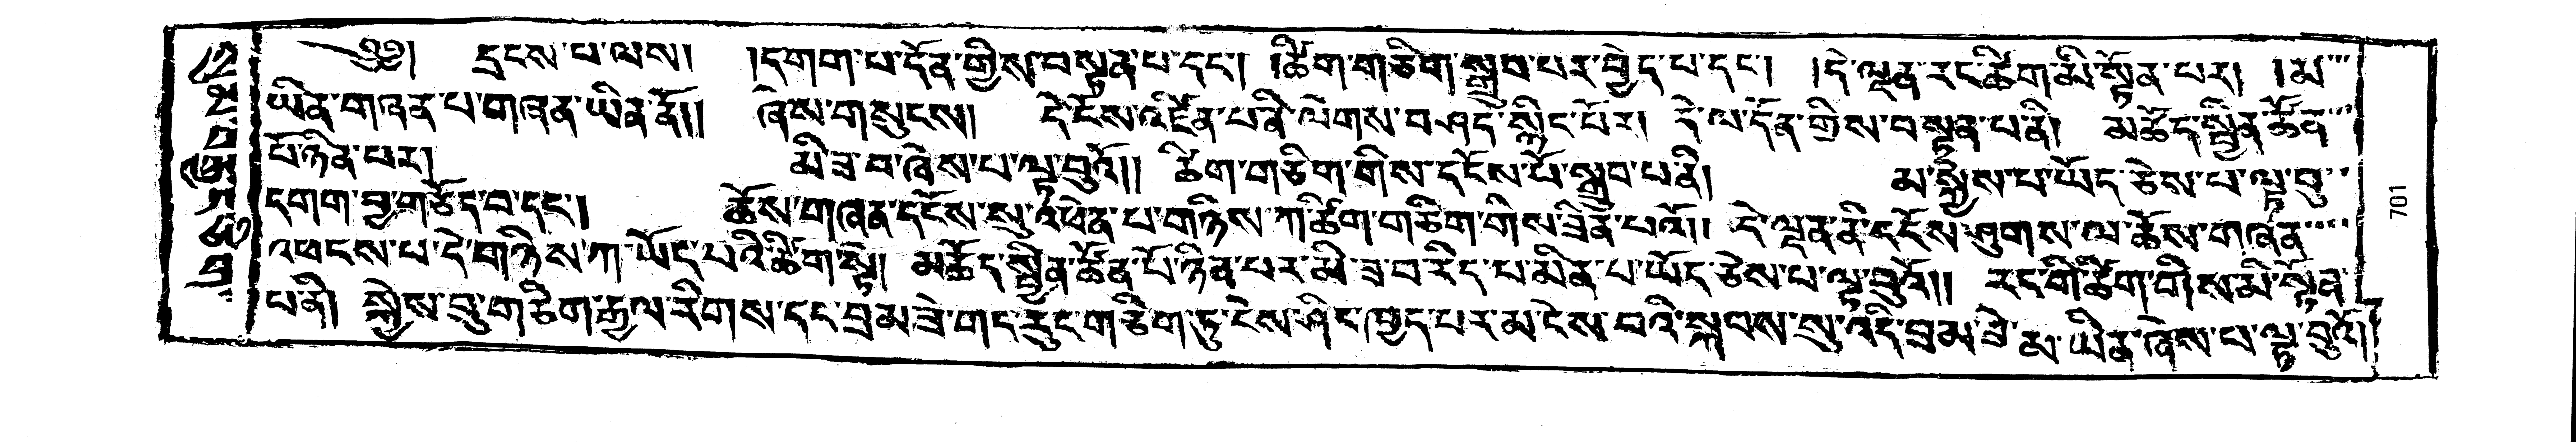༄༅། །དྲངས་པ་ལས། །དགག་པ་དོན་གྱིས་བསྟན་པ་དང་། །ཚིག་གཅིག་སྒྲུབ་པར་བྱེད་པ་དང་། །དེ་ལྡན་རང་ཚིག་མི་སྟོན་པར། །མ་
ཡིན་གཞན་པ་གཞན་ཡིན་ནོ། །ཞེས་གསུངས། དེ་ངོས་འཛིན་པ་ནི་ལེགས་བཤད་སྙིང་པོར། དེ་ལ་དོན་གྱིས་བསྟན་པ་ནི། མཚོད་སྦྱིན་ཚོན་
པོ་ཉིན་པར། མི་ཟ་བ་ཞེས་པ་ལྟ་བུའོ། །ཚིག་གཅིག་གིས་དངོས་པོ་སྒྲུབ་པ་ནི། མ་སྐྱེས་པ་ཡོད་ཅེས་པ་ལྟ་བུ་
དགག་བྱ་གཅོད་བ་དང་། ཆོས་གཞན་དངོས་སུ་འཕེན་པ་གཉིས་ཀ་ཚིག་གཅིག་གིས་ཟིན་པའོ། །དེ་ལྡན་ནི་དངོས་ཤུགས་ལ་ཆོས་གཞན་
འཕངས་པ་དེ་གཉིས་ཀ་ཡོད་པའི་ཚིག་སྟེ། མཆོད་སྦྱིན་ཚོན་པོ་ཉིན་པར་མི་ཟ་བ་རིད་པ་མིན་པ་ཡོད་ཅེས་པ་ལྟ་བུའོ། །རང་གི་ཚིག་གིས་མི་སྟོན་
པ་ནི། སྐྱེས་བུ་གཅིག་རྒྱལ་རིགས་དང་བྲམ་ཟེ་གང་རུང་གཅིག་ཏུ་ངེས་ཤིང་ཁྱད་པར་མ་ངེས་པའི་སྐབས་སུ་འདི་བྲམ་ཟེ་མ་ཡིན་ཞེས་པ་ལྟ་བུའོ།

════════════════

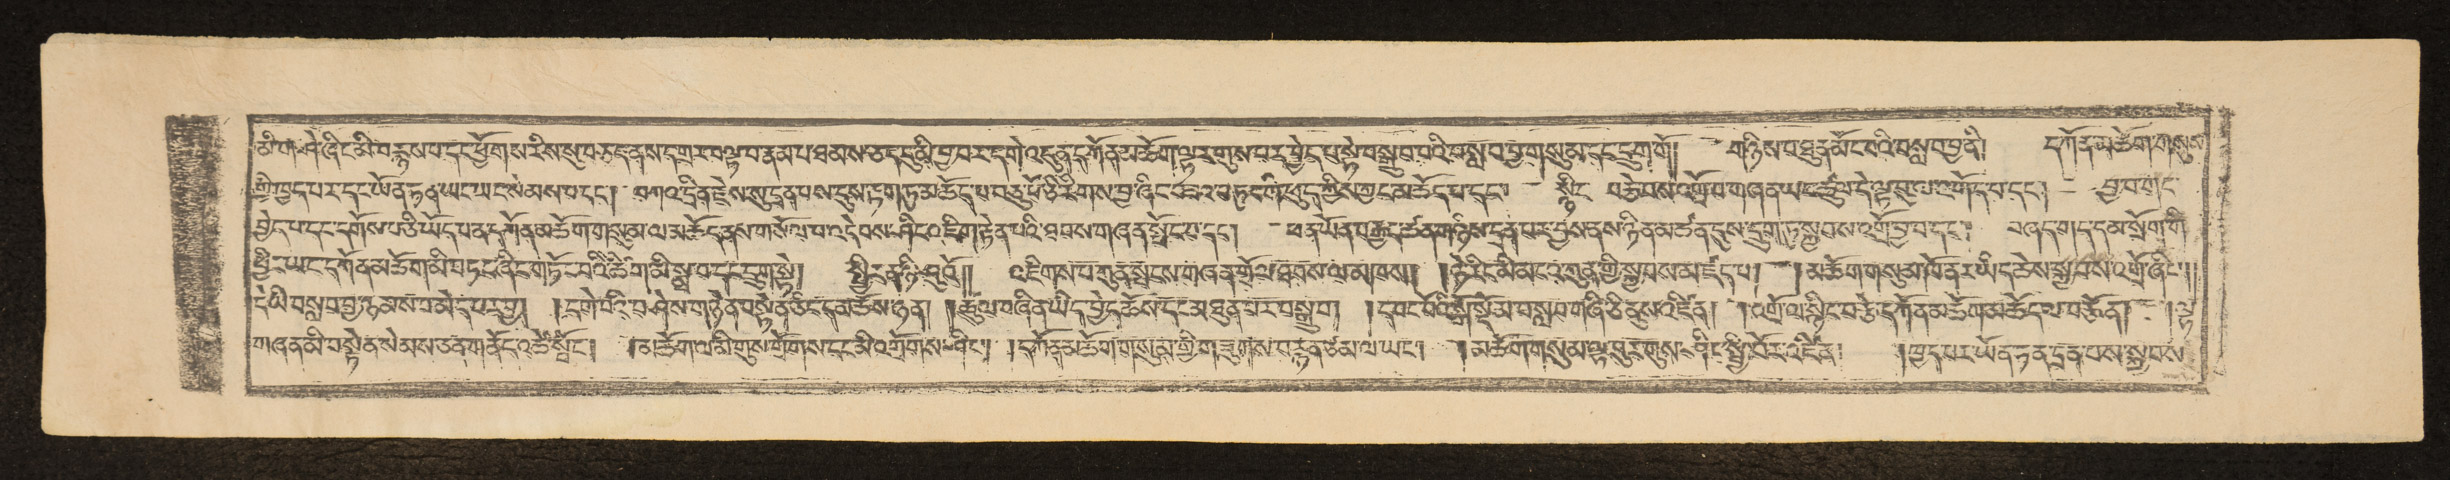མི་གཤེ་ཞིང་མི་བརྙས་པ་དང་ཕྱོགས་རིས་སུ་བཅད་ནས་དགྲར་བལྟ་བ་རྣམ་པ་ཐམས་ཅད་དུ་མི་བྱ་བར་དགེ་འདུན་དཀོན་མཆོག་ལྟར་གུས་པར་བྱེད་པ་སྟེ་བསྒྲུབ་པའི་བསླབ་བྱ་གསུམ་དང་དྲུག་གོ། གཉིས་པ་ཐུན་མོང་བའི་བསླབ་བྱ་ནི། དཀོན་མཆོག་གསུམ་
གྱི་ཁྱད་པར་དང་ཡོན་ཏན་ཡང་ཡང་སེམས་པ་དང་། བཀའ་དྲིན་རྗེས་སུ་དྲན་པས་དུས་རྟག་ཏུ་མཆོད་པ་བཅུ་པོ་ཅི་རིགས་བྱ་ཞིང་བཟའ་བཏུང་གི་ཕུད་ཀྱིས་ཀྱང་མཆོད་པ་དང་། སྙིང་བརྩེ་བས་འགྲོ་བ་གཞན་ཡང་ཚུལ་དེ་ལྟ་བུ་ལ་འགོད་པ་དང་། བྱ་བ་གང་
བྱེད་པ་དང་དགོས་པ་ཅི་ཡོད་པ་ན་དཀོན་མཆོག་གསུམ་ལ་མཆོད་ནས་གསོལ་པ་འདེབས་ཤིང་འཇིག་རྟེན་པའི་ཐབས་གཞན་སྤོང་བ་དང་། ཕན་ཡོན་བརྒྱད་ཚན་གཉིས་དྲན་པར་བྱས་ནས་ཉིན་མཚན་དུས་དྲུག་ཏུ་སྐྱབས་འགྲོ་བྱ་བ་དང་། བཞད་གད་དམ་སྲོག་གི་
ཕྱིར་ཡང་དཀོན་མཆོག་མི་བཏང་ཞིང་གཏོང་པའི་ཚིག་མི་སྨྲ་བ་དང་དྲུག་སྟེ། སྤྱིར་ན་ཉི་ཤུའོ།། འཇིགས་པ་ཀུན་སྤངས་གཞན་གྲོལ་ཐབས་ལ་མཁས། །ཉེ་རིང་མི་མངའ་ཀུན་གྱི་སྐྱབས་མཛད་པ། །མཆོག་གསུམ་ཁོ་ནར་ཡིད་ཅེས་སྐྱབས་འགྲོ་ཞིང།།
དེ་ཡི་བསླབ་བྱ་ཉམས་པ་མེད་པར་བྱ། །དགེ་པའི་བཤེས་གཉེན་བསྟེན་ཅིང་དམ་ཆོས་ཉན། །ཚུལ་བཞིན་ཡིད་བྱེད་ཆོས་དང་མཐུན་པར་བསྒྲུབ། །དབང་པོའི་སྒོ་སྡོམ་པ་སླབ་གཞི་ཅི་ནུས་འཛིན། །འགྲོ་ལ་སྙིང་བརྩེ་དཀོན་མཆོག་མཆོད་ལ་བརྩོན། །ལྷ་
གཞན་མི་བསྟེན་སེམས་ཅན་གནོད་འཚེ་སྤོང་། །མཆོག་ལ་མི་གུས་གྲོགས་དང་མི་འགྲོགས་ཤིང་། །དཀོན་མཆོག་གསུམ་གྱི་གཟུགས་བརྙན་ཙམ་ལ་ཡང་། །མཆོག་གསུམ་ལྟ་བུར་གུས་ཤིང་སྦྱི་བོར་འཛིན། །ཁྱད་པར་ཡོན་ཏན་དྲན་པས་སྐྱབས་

════════════════

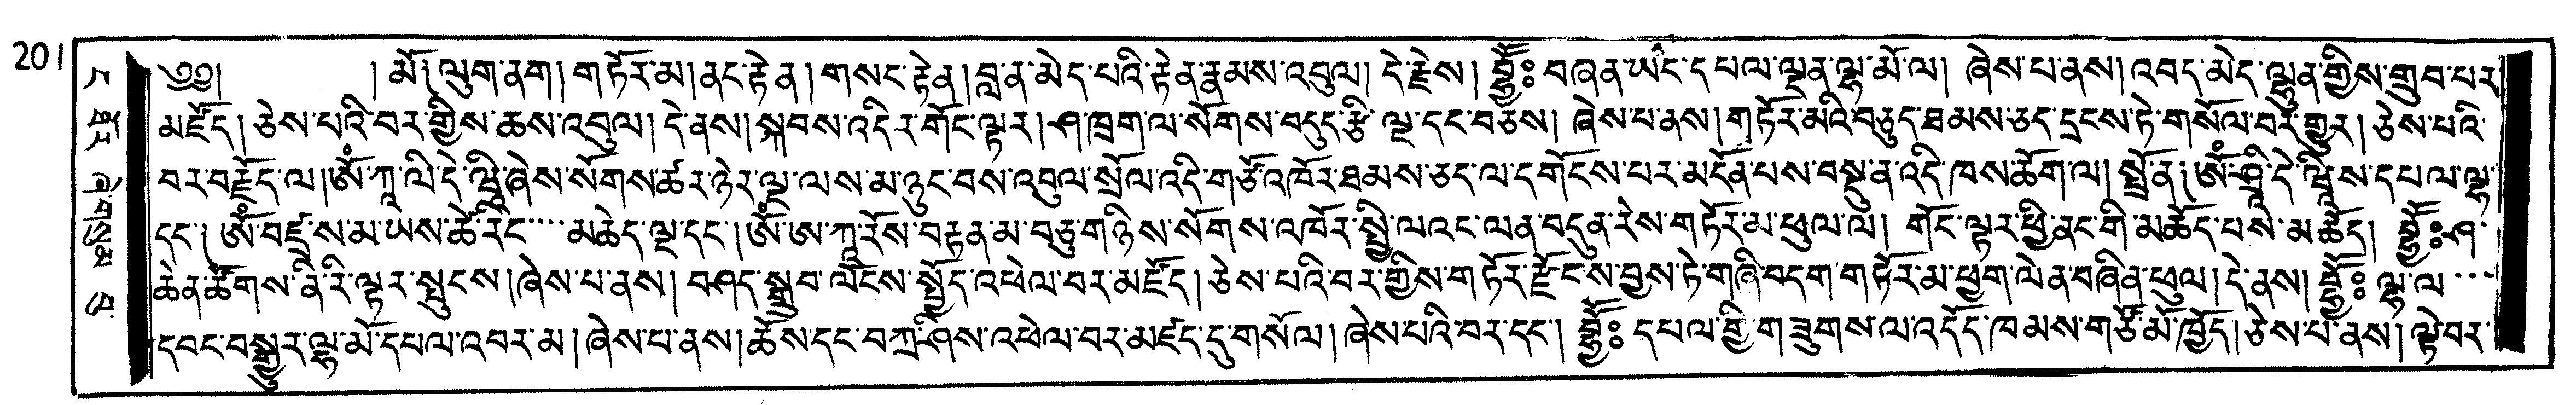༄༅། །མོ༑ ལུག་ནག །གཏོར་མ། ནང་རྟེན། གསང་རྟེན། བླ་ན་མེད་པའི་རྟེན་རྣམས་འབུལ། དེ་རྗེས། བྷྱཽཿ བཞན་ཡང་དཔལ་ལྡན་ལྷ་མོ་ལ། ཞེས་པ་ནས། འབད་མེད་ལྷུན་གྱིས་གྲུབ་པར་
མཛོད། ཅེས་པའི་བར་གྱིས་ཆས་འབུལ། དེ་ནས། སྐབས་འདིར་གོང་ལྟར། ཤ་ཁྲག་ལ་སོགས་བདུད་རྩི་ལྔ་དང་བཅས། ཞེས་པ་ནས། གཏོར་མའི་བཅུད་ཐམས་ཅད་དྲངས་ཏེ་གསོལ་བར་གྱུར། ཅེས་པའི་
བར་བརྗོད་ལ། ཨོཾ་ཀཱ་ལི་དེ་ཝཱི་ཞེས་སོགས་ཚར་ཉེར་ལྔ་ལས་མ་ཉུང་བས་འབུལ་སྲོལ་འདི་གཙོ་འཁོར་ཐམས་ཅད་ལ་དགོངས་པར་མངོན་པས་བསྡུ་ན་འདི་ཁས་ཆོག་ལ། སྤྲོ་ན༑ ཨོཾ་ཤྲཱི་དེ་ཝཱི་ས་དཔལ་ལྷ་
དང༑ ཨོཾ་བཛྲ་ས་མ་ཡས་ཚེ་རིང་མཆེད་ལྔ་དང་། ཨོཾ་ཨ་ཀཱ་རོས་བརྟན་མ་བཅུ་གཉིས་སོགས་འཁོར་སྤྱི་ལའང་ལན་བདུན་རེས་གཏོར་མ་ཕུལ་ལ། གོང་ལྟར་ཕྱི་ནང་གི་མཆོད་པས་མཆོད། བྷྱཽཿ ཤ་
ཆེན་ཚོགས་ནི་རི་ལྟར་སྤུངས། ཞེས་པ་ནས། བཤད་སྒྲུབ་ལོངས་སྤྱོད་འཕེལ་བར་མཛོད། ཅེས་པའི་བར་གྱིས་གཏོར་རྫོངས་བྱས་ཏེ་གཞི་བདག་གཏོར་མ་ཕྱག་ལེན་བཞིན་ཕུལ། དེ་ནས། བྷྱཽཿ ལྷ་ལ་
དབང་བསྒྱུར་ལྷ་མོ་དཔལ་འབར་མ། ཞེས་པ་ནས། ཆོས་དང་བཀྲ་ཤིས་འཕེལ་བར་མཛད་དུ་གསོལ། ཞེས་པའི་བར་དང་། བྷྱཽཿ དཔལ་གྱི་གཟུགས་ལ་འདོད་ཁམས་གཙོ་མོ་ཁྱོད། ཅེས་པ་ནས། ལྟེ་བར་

════════════════

- [DESCRIPTION OF THE TASK]: The line above containing "དེ་ནས། བྷྱཽཿ ལྷ་ལ་", the line containing "དཔལ་གྱི་གཟུགས་ལ་འདོད་ཁམས་གཙོ་མོ་ཁྱོད། ཅེས་པ་ནས། ལྟེ་བར་", and every line between them are to be transcribed exactly; no other line is wanted.

- [TASK SOLUTION]:
ཆེན་ཚོགས་ནི་རི་ལྟར་སྤུངས། ཞེས་པ་ནས། བཤད་སྒྲུབ་ལོངས་སྤྱོད་འཕེལ་བར་མཛོད། ཅེས་པའི་བར་གྱིས་གཏོར་རྫོངས་བྱས་ཏེ་གཞི་བདག་གཏོར་མ་ཕྱག་ལེན་བཞིན་ཕུལ། དེ་ནས། བྷྱཽཿ ལྷ་ལ་
དབང་བསྒྱུར་ལྷ་མོ་དཔལ་འབར་མ། ཞེས་པ་ནས། ཆོས་དང་བཀྲ་ཤིས་འཕེལ་བར་མཛད་དུ་གསོལ། ཞེས་པའི་བར་དང་། བྷྱཽཿ དཔལ་གྱི་གཟུགས་ལ་འདོད་ཁམས་གཙོ་མོ་ཁྱོད། ཅེས་པ་ནས། ལྟེ་བར་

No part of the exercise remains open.